Malware Natal 1987: the ‘Christmas Tree’ Worm
‘Let this exec run and enjoy yourself!’
Uma vez executado, the worm would display an EBCDIC character and would forward itself via email to other users.
Natal 1999: the Prilissa Virus
The Prillisa Virus a.k.a. WM97/Melissa-AS was a virus that infected Microsoft Word documents. It was spreading via email. Its subject line was:
‘This document is very Important and you’ve GOT to read this !!!’
By opening the attached file, the virus was set free. The payload would activate on December 25th and would display the following message:
Natal 2004: the Zafi-D Virus
Natal 2004 saw a rather malevolent virus called Zafi-D. Crafted in Hungary, the virus would spread via email and would recite seasonal greetings. The threat was also written in various languages, making sure it would affect as many users as possible.
Suficientemente curioso, the Christmas-themed virus would embed an obscene animated GIF image of two smiley faces on top of one another.
Como você pode ver, the methods applied by malicious actors to trick you into infecting your PC haven’t changed that much. It’s the malware that has become more persistent and sophisticated.
assim, make sure to protect your computer before you fall victim of yet another Christmas-themed scam.
How to Save the Christmas Spirit and Stay Away from Viruses and Worms?
- Certifique-se de usar a proteção de firewall adicional. A descarga de um segundo firewall (gostar ZoneAlarm, por exemplo) é uma excelente solução para quaisquer potenciais intrusões.
- Make sure that your programs have less administrative power over what they read and write on your computer. Torná-los pedir-lhe acesso de administrador antes de iniciar.
- Use senhas fortes. senhas fortes (de preferência aqueles que não são palavras) são mais difíceis de rachadura por vários métodos, incluindo força bruta, uma vez que inclui listas de passagem com palavras relevantes.
- Desligue o AutoPlay.
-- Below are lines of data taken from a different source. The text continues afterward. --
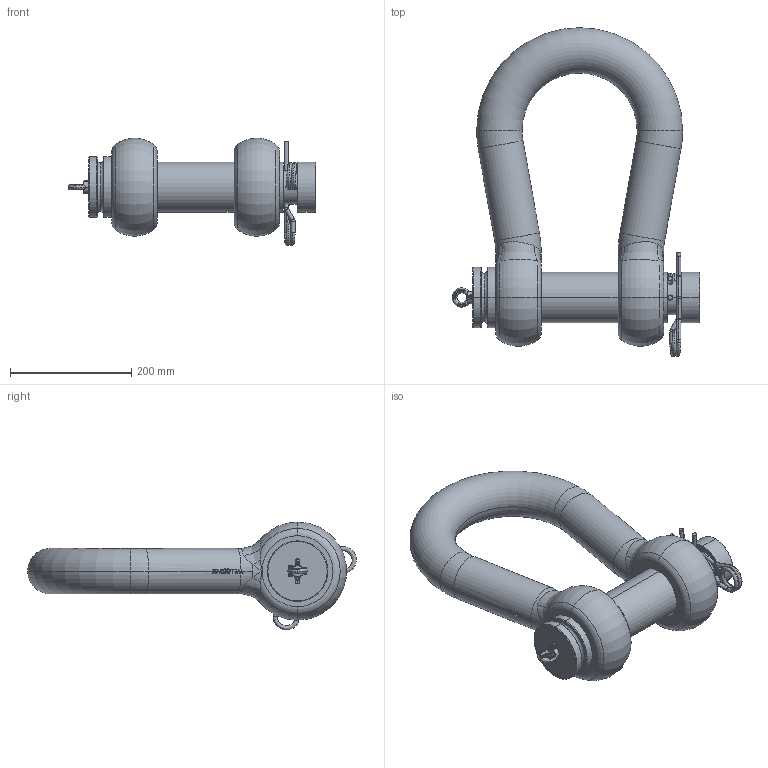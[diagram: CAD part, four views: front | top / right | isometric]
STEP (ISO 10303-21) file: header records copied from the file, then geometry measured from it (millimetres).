
FILE_DESCRIPTION (( 'STEP AP214' ), '1' );
FILE_NAME ('POGHMB75ROVRL.step', '2013-05-07T13:39:58', ( 'cad' ), ( '' ), 'SwSTEP 2.0', 'SolidWorks 2013', '' );
FILE_SCHEMA (( 'AUTOMOTIVE_DESIGN' ));
Length unit declared in the file: millimetre
Products named in the file (6): POZKMB83ROVRL; OHBVD07 Sluiting 65 en 75; OHOBZD008; 2352 dimensions GPZKMBxxROVRL Parametrische 42-83mm pin_POZKMB83ROVRL; ROV beugel 75mm_NGPZHDL75ROV; POGHMB75ROVRL
Assembly tree (6 placements, depth 3):
  POGHMB75ROVRL
    ROV beugel 75mm_NGPZHDL75ROV
    POZKMB83ROVRL
      2352 dimensions GPZKMBxxROVRL Parametrische 42-83mm pin_POZKMB83ROVRL
      OHOBZD008
      OHBVD07 Sluiting 65 en 75  x2
Bounding box: 409 x 542.5 x 178 mm (x, y, z)
Volume: 7527363.7 mm3; surface area: 486705 mm2
Topology: 5 solids, 5 shells, 1081 faces, 2893 edges, 1862 vertices
Faces by surface type: bspline 452, plane 357, cylinder 144, torus 110, cone 16, sphere 2
Entity records: 60075 total; most frequent: CARTESIAN_POINT 38129, ORIENTED_EDGE 5642, EDGE_CURVE 2821, DIRECTION 2747, VERTEX_POINT 1828, B_SPLINE_CURVE_WITH_KNOTS 1471, EDGE_LOOP 1113, FACE_OUTER_BOUND 1051

Isso protege o seu computador de arquivos executáveis maliciosos no pen drives ou outros transportadores de memória externos que são imediatamente inseridos nele.
- Disable File Sharing – it is recommended if you need file sharing between your computer to password protect it to restrict the threat only to yourself if infected.
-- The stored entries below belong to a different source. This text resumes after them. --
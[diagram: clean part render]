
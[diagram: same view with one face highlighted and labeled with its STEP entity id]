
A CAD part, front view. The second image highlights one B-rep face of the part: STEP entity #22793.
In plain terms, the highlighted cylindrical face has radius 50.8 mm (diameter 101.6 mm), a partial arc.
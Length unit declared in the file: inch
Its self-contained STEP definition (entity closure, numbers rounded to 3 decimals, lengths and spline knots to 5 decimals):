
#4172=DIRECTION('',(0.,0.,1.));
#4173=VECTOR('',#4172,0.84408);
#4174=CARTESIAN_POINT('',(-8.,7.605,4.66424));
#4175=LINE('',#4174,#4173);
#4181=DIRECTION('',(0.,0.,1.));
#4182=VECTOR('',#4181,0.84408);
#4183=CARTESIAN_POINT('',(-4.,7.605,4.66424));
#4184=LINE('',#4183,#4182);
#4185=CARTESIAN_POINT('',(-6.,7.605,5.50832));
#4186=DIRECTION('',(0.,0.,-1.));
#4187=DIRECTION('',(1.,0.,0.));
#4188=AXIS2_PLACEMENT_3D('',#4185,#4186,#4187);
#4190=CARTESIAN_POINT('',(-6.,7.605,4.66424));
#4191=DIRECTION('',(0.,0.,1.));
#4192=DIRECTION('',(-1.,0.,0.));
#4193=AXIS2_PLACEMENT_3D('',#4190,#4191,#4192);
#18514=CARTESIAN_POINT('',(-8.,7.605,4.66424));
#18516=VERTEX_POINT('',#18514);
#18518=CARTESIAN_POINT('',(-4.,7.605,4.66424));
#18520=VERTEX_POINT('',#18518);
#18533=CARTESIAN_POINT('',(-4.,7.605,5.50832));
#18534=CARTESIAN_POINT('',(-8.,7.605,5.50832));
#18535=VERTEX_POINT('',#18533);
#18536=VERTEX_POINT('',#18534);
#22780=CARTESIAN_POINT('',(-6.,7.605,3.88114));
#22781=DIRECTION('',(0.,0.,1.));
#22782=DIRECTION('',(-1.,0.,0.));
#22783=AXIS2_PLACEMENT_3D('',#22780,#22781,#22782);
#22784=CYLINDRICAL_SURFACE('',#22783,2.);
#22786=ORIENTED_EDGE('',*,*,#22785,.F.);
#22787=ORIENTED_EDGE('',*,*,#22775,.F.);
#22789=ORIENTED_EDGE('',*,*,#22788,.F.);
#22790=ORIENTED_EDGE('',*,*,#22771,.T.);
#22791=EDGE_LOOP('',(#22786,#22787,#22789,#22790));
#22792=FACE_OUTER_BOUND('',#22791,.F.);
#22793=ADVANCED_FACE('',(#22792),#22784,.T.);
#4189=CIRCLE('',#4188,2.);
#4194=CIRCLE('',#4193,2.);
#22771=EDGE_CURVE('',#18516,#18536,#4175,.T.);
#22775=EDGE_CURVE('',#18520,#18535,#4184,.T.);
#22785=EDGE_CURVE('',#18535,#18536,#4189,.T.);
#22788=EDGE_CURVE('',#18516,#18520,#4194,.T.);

- Switch off any remote services – this can be devastating for business networks since it can cause a lot of damage on a massive scale.
- Se você ver um serviço ou um processo que é externo e não o Windows crítico e está sendo explorada por hackers (Como Flash Player), desativá-lo até que haja uma atualização que corrige o exploit.
- Certifique-se sempre para atualizar os patches de segurança críticos para o seu software e sistema operacional.
- Configurar o servidor de correio para bloquear e apagar anexos de arquivo suspeito contendo e-mails.
- Se você tem a compromised computer in your network, certifique-se de isolar-lo imediatamente por desligá-la e desconectá-lo manualmente a partir da rede.
- Desligue todos os serviços não necessários sem fio, como portas de infravermelhos ou Bluetooth - hackers gostam de usá-los para explorar dispositivos. No caso de você usar o Bluetooth, certifique-se de monitorar todos os dispositivos não autorizados que pedir-lhe para emparelhar com eles e declínio e investigar qualquer queridos suspeitos.
- Employ a powerful anti-malware solution to protect yourself from any future threats automatically.